We used the ratings dataset to train our model.

a) Splitting the dataset into train and test set (80-20 split ratio)

b) The Neural Network architecture we’re going to create will have two input embedding layers. The first embedding layer accepts the books, and the second the users. These two embeddings are trained separately and then combined together before being passed to a dense layer.

c) Stored the number of unique books and unique users in two seperate variables.

d) Built the embedding layers for both books and users

#Embedding layer for books
books_input = Input(shape=[1])#1st Input Layer
embedding_layer_books = Embedding(book_id + 1,10)(books_input)#Embedding layer
embedding_output_books = Flatten()(embedding_layer_books)#Embedding layer output

#Embedding layer for users
users_input = Input(shape=[1])#1st Input Layer
embedding_layer_users = Embedding(user_id + 1,10)(users_input)#Embedding layer
embedding_output_users = Flatten()(embedding_layer_users)#Embedding layer output

e)Joined the two layers using tf.keras.Concatenate() and added a Dense layer on top of that with 128 neurons and a dropout layer with a dropout rate of 0.5, used Rectified linear unit as activation function.
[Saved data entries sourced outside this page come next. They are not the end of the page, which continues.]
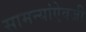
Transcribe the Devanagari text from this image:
सामन्यांऐवजी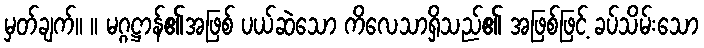
မှတ်ချက်။ ။ မဂ္ဂဋ္ဌာန်၏အဖြစ် ပယ်ဆဲသော ကိလေသာရှိသည်၏ အဖြစ်ဖြင့် ခပ်သိမ်းသော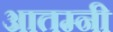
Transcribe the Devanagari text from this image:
आतम्नी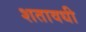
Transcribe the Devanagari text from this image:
शतावधी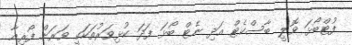
ފުޓްބޯޅަ ވޮލީ ބާސްކެޓް އަދި ނެޓް ބޯޅަ ފަދަ ކުޅިވަރުތަކަކީ ވަރަށް ފޯރިއާ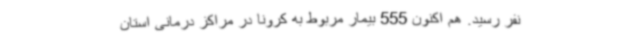
نفر رسید. هم اکنون 555 بیمار مربوط به کرونا در مراکز درمانی استان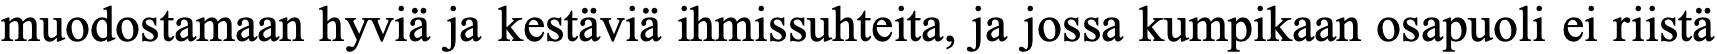
muodostamaan hyviä ja kestäviä ihmissuhteita, ja jossa kumpikaan osapuoli ei riistä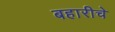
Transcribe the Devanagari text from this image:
बहारीचे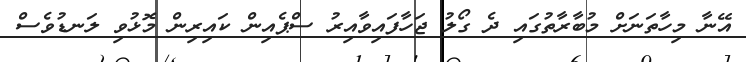
އޭނާ މިހާތަނަށް މުބާރާތުގައި ދެ ގޯލު ޖަހާފައިވާއިރު ސްޕެއިން ކައިރިން މޮޅުވި ލަނޑުވެސް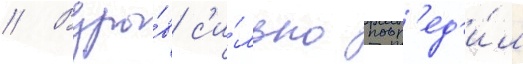
// Взры́в с'и́льно повр'ед'и́л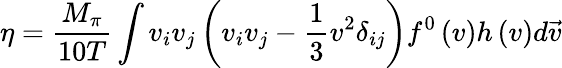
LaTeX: \eta=\frac{M_{\pi}}{10T}\int v_{i}v_{j}\left(v_{i}v_{j}-\frac{1}{3}v^{2}\delta_{ij}\right)f^{0}\left(v\right)h\left(v\right)d\vec{v}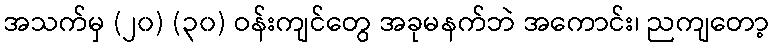
အသက်မှ (၂၀) (၃၀) ဝန်းကျင်တွေ အခုမနက်ဘဲ အကောင်း၊ ညကျတော့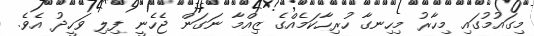
މިގައުމުގައި މިހާރު މިހިނގާ ހުރިހާކަމެއްގެ ޒިއްމާ ނަގަން ޖެހެނީ ފިލި ވަހީދު އެވެ.

Then used the tensorflow Model class to create a single model from our defined architecture. This model is expecting two input arrays (books and users).

#Concatination and Dense layer

joining_layer = Concatenate()([embedding_output_books, embedding_output_users])
hidden_layer_1 = Dense(128, activation='relu')(joining_layer)
hidden_layer_1 = Dropout(0.5)(hidden_layer_1)

output_layer = hidden_layer_2 = Dense(1)(hidden_layer_1)

model = tf.keras.Model([books_input, users_input], output_layer)

f) Then compiled the model with Adam optimizer and customized the learning rate(0.001) and decay rate(1e-06). The loss function used here is Mean Squared error. Mean Squared error (MSE) is the average of the squared error that is used as the loss function for least squares regression: It is the sum, over all the data points, of the square of the difference between the predicted and actual target variables, divided by the number of data points.

g) Finally trained the model on train set and validated on the test set. Then saved the model for use in the recommendation part.

Epoch 1/15
12272/12272 [==============================] - 94s 8ms/step - loss: 1.0344 - val_loss: 0.7296
Epoch 2/15
12272/12272 [==============================] - 95s 8ms/step - loss: 0.7978 - val_loss: 0.7134
Epoch 3/15
12272/12272 [==============================] - 95s 8ms/step - loss: 0.7434 - val_loss: 0.7076
Epoch 4/15
12272/12272 [==============================] - 95s 8ms/step - loss: 0.7115 - val_loss: 0.7049
Epoch 5/15
12272/12272 [==============================] - 100s 8ms/step - loss: 0.6856 - val_loss: 0.7055

The loss curve:

4. Recommendation:

a) Loaded the model and the books and ratings dataset. The recommendations are gonna be made from the books dataset.

b) Defined a function that is expecting a parameter input ‘user_id’ which is basically a unique id for each user. The function will return a dataset containg the top 5 recommended books for that particlular user.

#Defining a function that will recommend top 5 books
def recommend(user_id):
books = pd.read_csv('books_cleaned.csv')
ratings = pd.read_csv('ratings.csv')

book_id = list(ratings.book_id.unique()) #grabbing all the unique books

book_arr = np.array(book_id) #geting all book IDs and storing them in the form of an array
user_arr = np.array([user_id for i in range(len(book_id))])
prediction = model.predict([book_arr, user_arr])

prediction = prediction.reshape(-1) #reshape to single dimension
prediction_ids = np.argsort(-prediction)[0:5]

recommended_books = pd.DataFrame(books.iloc[prediction_ids], columns = ['book_id', 'isbn', 'authors', 'title', 'average_rating' ])
print('Top 5 recommended books for you: \n')
return recommended_books

Conclusion:

Recommender systems are a powerful new technology for extracting additional value for a business from its user databases. Recommender systems benefit users by enabling them to find items they like. Conversely, they help the business by generating more sales.